» GIVEN INFORMATION
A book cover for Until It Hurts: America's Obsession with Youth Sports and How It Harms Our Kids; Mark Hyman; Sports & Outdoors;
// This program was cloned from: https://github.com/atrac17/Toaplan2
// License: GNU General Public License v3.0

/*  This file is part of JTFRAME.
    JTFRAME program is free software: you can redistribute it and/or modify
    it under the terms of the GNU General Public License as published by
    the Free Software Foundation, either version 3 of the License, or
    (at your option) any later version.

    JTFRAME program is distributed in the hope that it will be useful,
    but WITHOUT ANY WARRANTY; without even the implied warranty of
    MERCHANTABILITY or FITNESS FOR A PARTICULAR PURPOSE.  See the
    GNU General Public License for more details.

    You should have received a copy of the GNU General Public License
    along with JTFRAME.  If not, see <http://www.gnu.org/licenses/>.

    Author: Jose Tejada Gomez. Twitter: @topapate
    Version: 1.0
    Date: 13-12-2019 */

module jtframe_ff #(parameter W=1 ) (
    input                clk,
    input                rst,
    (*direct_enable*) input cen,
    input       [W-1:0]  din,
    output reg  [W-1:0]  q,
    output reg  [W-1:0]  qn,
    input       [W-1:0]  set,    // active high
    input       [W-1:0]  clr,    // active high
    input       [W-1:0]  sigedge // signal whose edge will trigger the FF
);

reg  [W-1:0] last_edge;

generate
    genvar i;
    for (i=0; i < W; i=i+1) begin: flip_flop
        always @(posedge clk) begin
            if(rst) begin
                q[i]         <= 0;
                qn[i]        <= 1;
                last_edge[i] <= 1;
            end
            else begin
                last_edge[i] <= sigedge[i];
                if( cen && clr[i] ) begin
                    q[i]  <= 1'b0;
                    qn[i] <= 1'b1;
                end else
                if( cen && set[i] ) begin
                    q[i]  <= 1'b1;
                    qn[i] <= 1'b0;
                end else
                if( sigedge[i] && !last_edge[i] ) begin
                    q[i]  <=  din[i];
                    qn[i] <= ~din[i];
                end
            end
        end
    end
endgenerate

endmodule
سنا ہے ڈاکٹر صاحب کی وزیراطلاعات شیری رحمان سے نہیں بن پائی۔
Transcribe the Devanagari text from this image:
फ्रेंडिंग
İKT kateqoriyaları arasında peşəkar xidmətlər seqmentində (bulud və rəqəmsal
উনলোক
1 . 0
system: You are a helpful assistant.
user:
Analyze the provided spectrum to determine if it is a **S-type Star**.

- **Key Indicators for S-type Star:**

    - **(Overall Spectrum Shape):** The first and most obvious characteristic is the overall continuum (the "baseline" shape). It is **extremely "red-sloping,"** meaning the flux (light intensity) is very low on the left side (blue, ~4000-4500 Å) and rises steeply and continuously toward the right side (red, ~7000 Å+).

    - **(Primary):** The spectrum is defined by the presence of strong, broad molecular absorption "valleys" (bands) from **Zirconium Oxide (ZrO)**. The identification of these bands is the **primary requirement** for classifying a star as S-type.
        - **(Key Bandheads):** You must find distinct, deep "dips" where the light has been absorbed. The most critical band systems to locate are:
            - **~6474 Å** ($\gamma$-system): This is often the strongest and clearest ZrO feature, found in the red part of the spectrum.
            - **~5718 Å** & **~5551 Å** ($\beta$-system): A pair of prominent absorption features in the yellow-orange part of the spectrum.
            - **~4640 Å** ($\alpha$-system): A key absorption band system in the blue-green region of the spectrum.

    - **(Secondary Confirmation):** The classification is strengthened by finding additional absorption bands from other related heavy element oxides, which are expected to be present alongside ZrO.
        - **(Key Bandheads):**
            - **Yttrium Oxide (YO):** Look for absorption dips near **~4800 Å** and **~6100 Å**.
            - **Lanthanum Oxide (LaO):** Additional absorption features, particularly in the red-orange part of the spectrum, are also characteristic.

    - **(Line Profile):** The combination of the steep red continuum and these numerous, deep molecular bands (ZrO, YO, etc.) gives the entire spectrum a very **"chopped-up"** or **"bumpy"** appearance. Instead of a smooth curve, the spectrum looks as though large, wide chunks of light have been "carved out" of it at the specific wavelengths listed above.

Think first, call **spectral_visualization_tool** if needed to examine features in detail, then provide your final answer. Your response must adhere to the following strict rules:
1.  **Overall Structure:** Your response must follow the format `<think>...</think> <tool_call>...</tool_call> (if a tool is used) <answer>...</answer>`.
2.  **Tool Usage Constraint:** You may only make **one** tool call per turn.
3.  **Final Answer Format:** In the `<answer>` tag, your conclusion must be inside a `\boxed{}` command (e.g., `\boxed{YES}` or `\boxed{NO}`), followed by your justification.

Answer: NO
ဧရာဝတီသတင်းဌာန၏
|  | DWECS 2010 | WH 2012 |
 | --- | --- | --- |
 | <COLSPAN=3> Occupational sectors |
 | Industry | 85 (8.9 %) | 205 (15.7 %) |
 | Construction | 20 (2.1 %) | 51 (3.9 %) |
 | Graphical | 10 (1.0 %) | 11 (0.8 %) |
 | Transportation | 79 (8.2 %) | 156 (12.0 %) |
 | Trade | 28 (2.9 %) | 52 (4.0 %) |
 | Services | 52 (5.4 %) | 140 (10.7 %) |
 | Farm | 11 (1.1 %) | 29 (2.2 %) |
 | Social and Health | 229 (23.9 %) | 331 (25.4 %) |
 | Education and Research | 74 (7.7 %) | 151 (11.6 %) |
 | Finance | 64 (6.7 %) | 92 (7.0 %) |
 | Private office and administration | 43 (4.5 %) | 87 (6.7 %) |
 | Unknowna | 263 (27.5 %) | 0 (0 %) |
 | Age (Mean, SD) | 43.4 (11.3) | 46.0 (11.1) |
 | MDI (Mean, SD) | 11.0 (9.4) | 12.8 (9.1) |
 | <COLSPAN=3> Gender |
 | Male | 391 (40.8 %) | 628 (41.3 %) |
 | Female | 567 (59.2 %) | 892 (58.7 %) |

» TASK TO CARRY OUT
Give only the number of lines in the entries above that contain the string "been".

» TASK SOLUTION
2